Blink and it’s another month gone. But Oracle has been very very busy as we come around for the latest quarterly updates and the details published. Plus a lot about Oracle Hospitality Integration Hub (OHIP) which builds upon OIC.
OIC has for some time now provided an FTP adaptor and more recently included a full FTP server capability. But both have limits on the file size and capacity. The file constraints (1GB for a file and 500GB for the FTP server) shouldn’t be an issue for day to day activities. But OIC is often used to support SaaS Financials and other cloud solutions which do have monthly process cycles which can generate significant data volumes, for example, payroll data. The question is how to handle such data with such constraints?
There is a school of thought that points to the possibility when handling such large data volumes we should consider using Data Integration rather than a more event-centric integration tool. Personally, I think there is a lot of validity in the argument, and anyone dealing with such bulky data activities should review and question if it is a better answer.
That said, there are cases where it does stand-up. For example:
- If an organization is transitioning to a more event-driven or at least micro-batch model, you have to start the transition somewhere, but trying to line up changes everywhere can be problematic, so we have to start somewhere. Building an integration process so you have an event model developed, but in the interim, you need to take that bulk mechanism and convert it to a small stream of events.
- You may be working with a bulk data extract and only need a small subset of the data provided, it won’t help if the data is also represented using a verbose notation such as XML.
How to overcome the constraint? Oracle databases aren’t so constrained, and SQLLoader can provide an easy means to ingest the data into a staging table. The benefit of this is:
- if you’re only needing a subset of the data you can pull just those columns from the table.
- the bulk of the use of XML to be self-describing can be shed through using the DB schema as being more prescriptive.
- SQL scripts can handle the checksum records removing that data and overhead from the integration process, leaving you to concentrate more on the business process.

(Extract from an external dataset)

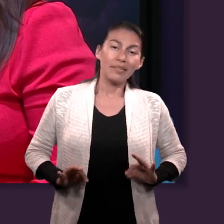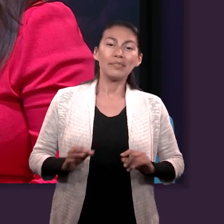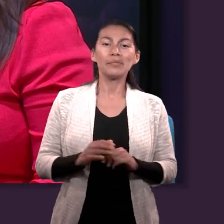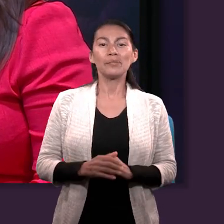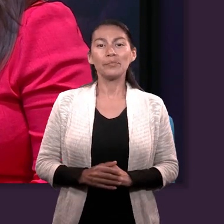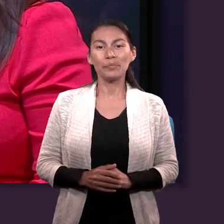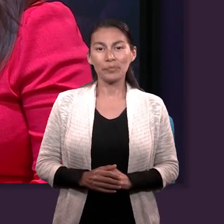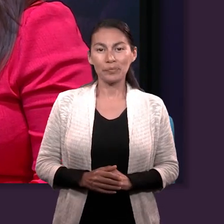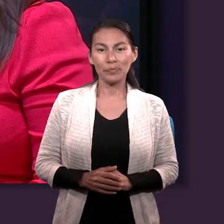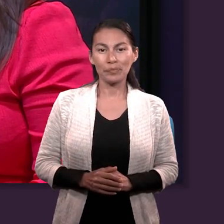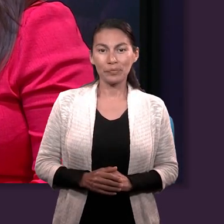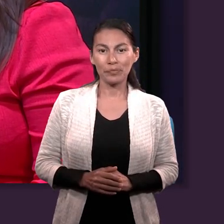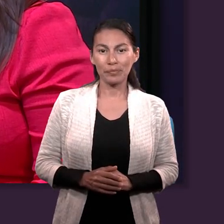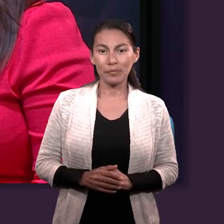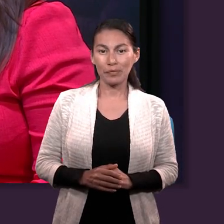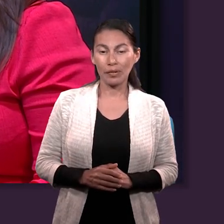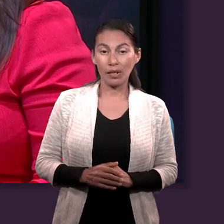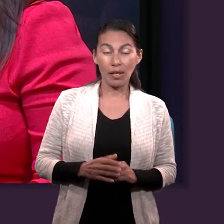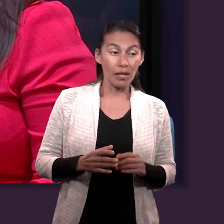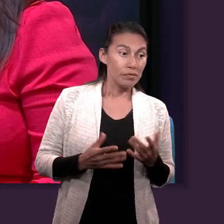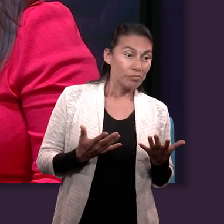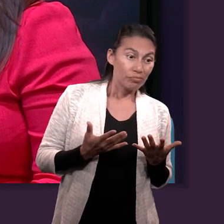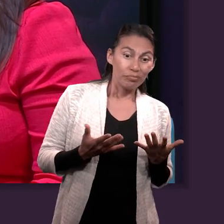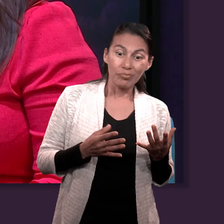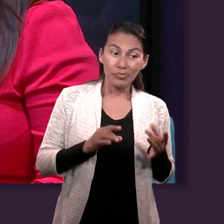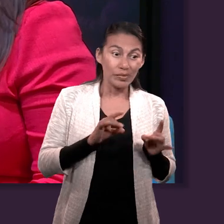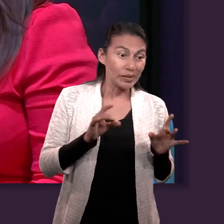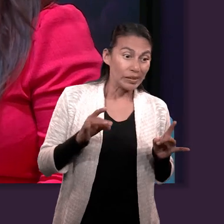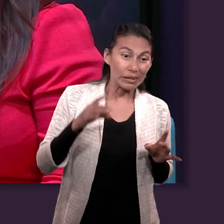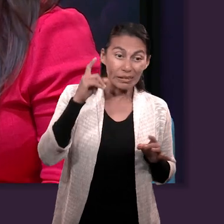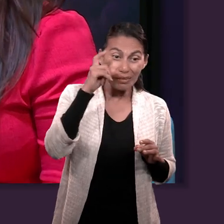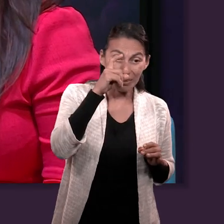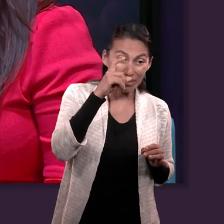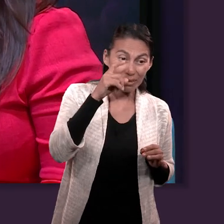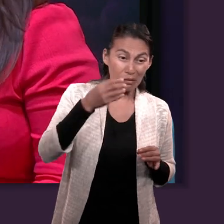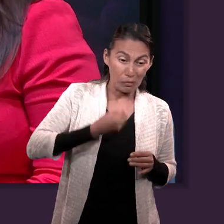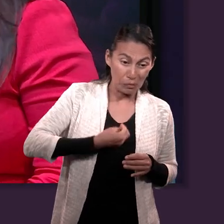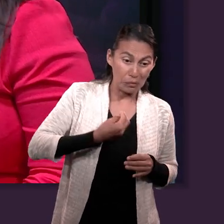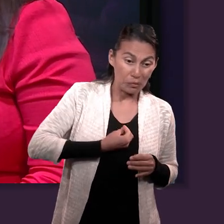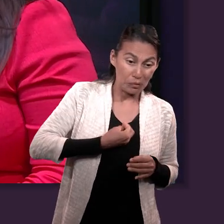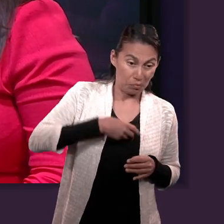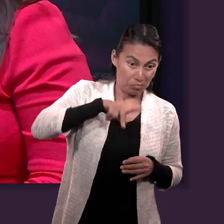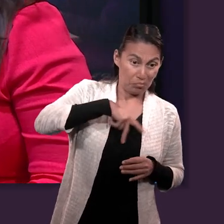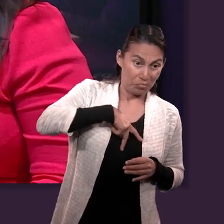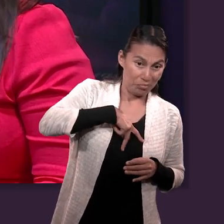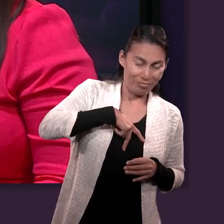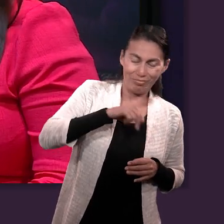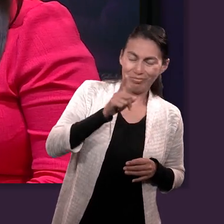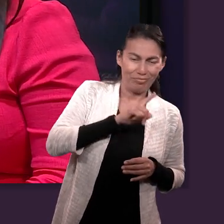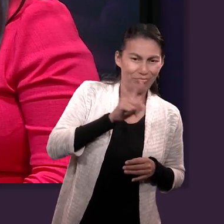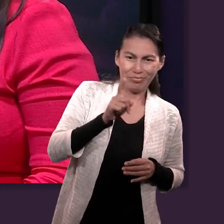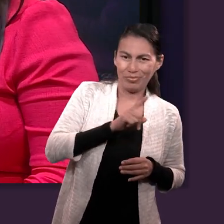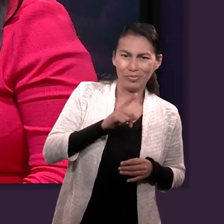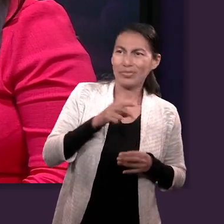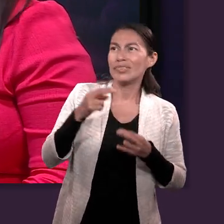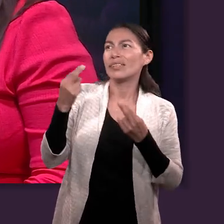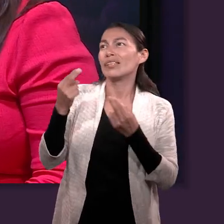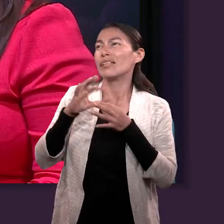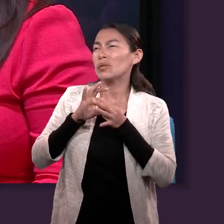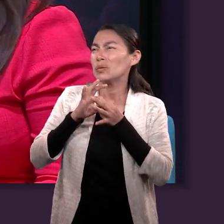superar ciertas cosas no es por nosotros. O sin duda alguna no lo
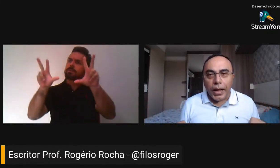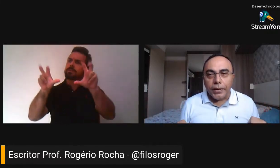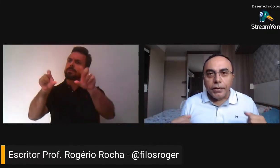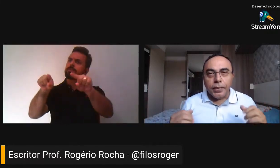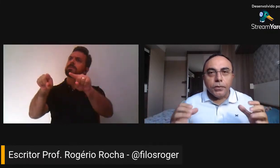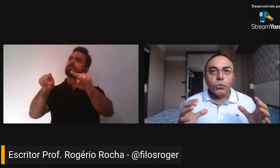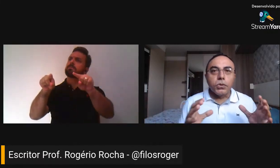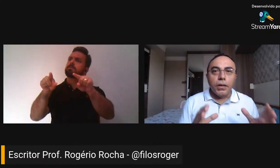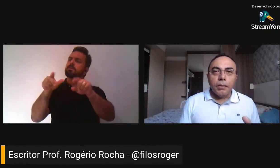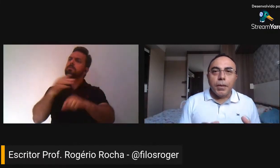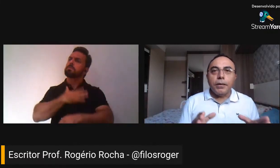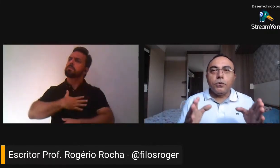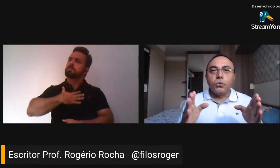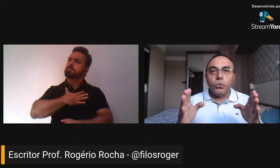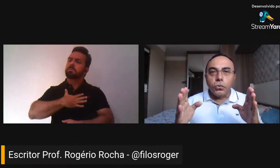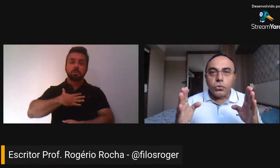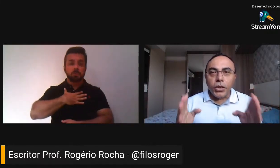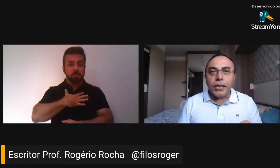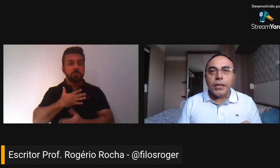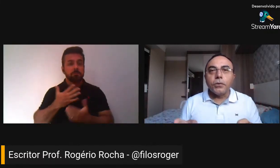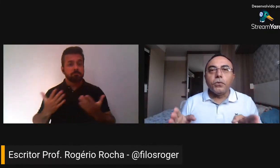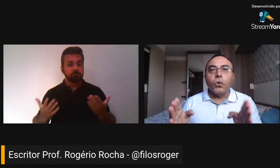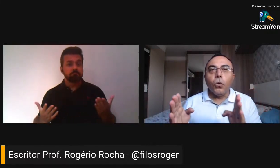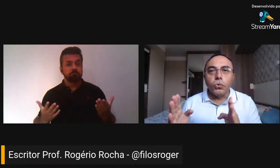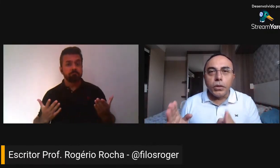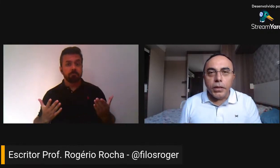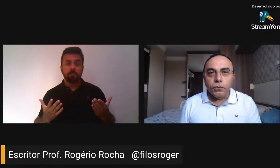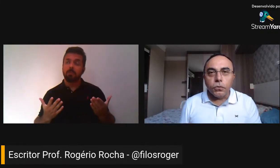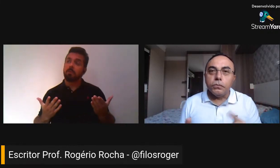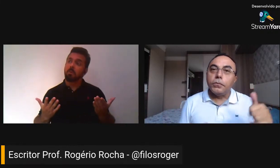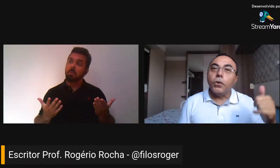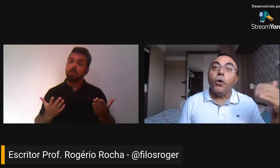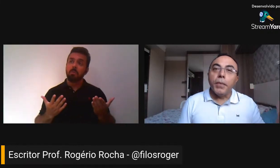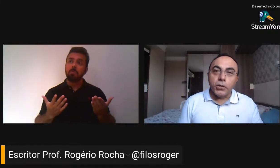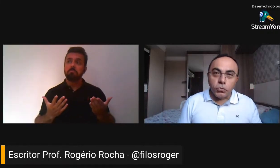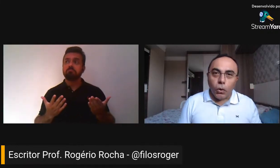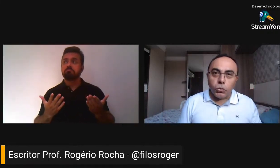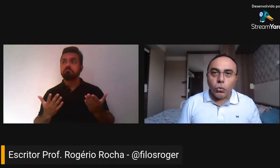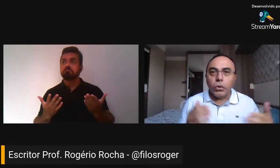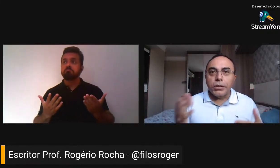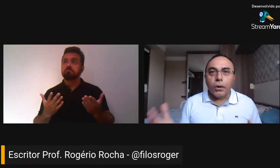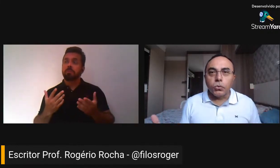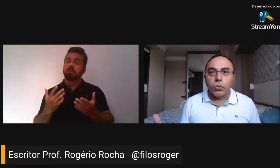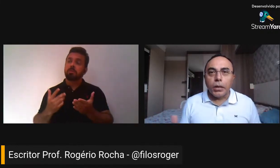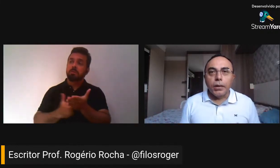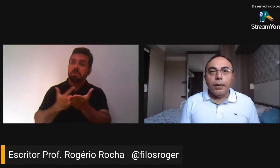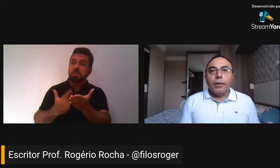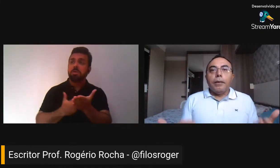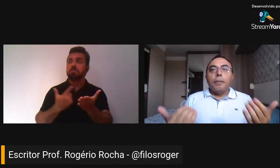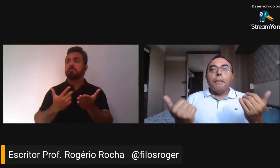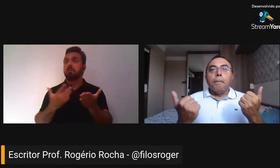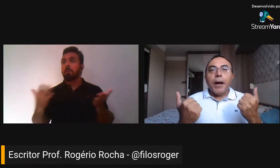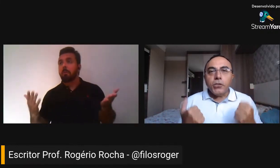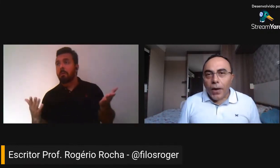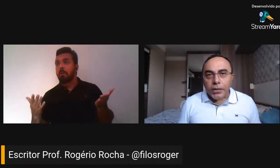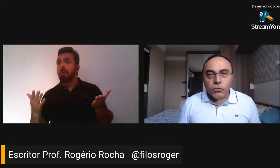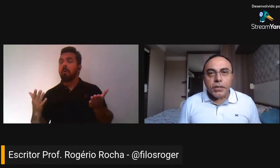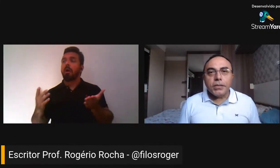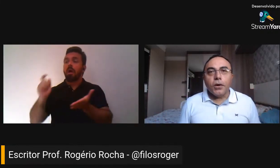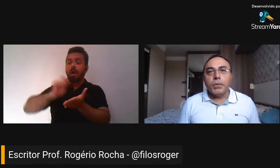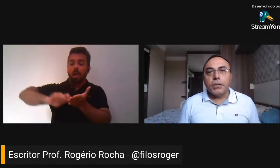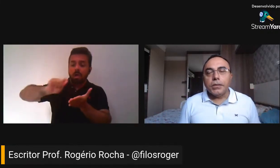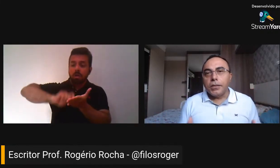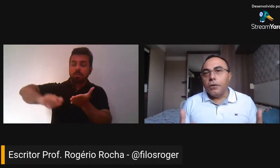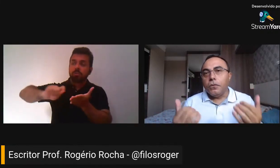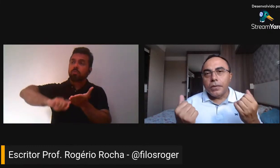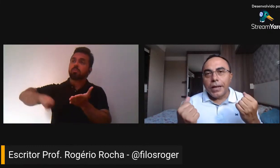gostar do tema, do gênero, ou do livro, ou mesmo do autor, da autora, mais fácil
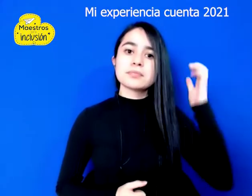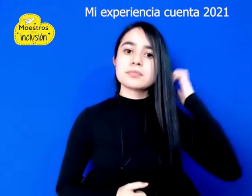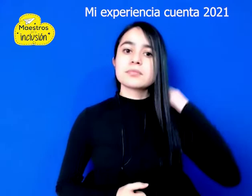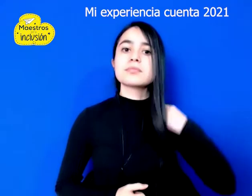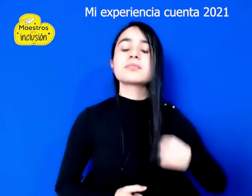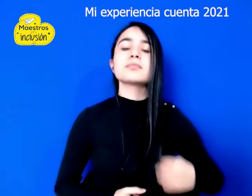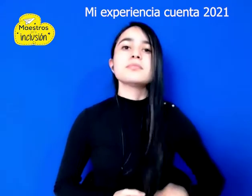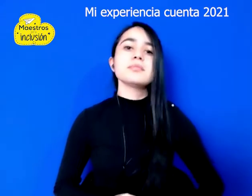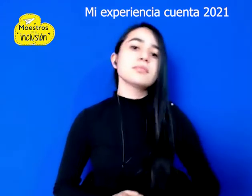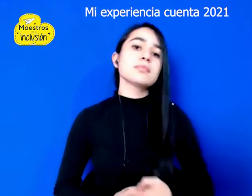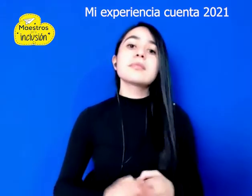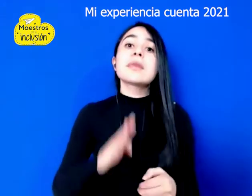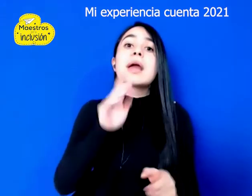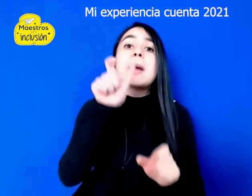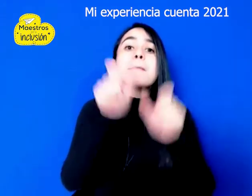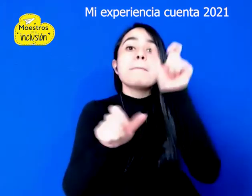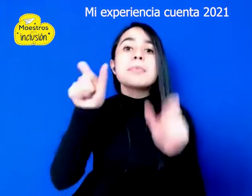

If the data is still substantial once in the database there are a number of strategies to consume the data in more manageable chunks, such as
- Running SQL script on the database that takes each row and calls the OIC as a restful API point. This approach is potentially very interesting as it may then mean if you’re moving towards an event process in the future the API endpoint represents the future state and the database stored procedure is mimicking the future client behaviour.
- Use polling strategies and result set limits to control how much data is processed in a single execution of the integration. This approach does mean the integration needs to tag which records have been processed to avoid re-reading them.
Enriching an integration from data in a database or DBaaS (Database as a Service) is not an unusual requirement. Many integration use cases today need to access a database that is on-premises. The means to connect to the database is fairly obvious – the connection agent. Our book goes into a lot more detail as to why that is, and the implications of using database connections.
However when it comes to Oracle’s DBaaS a service it would be very easy to assume that given that you’re using two different parts of Oracle’s PaaS that it would be straight forward to connect the two together without an agent. However, at least today whether its on-premises or DBaaS you need to use a connection agent. This does mean that you’ll need an IaaS node to host the connection agent.
This quirk is driven by the fact that there are some scenarios that this does actually make sense. For example – the Oracle domains need to have a high level of isolation, so when the DBaaS is in another domain then the decoupling via the agent makes sense. When your database is in a different zone of the cloud – then you’re running DB calls across what is effectively a wide are network – not good.